The leaders of the West Chester, Pa., "Peace" movement are Fascists.

I labor under no illusions - I know that if any one of them were to read that statement, they would become apoplectic with indignation, quite possibly to the point of busting an artery. I am truly sorry for that, but the statement stands. Those people (Led by a local public figure named Karen Porter, an activist frequently quoted in local news accounts), are Fascists. They are Fascist in their Ideology, in their tactics, and in the objective effects of their “anti-war” activities.

I mention Porter and her Useful Followers only as an example of the newest generation of “peace” activists to arise in response to the newest war – the war of Western Civilization against a version of Radical Islam that is stuck somewhere in middle-ages, having never experience the type of religious enlightenment that moved Christianity up and out of the age of Inquisitions and other abuses of civilized life. Islam never emerged from its own Dark Ages, and we are all paying for that now.
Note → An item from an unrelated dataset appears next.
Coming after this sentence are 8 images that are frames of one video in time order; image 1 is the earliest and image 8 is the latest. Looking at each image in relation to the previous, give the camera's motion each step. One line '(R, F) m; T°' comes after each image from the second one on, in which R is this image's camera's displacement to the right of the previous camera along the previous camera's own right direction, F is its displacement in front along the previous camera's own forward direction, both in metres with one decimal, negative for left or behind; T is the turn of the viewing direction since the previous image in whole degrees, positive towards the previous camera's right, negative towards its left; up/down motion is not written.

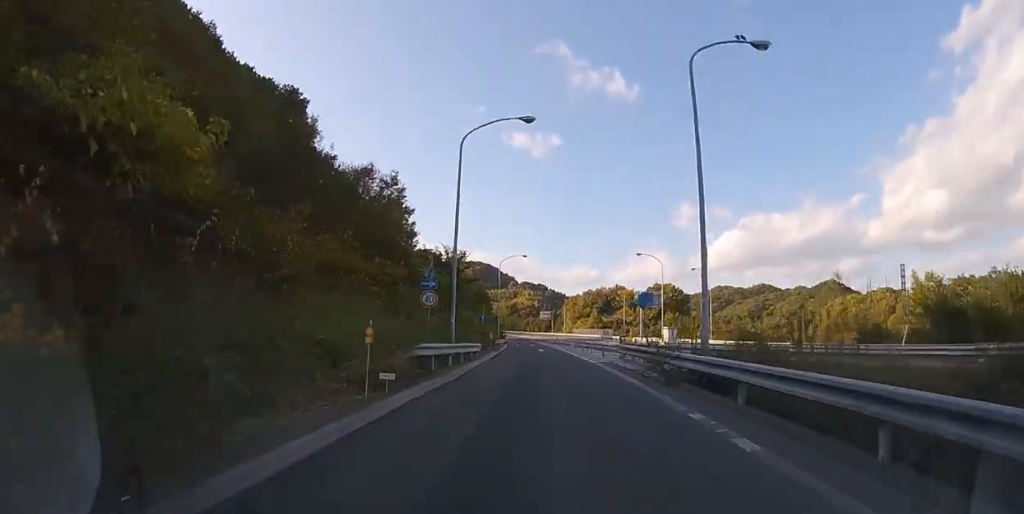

But I digress. This is about the response of pacifists to the real threats against civilized nations, and what would happen if groups like that led by Karen Porter were to have their way.

There exist legitimate political, philosophical and moral arguments against the war with Islamic Fascism. Wrong-headed though those arguments may be, they are nonetheless deserving of a respectful hearing and civil retort, inasmuch as they are held in good faith. How sad for those who cling to pacifism as a moral principle, then, that they are drowned out of the debate by a cacophony of rabid anti-Americansim for its own sake - a shrill hysteria facilitated and amplified to obscene levels by the electronics of the sympathetic State media.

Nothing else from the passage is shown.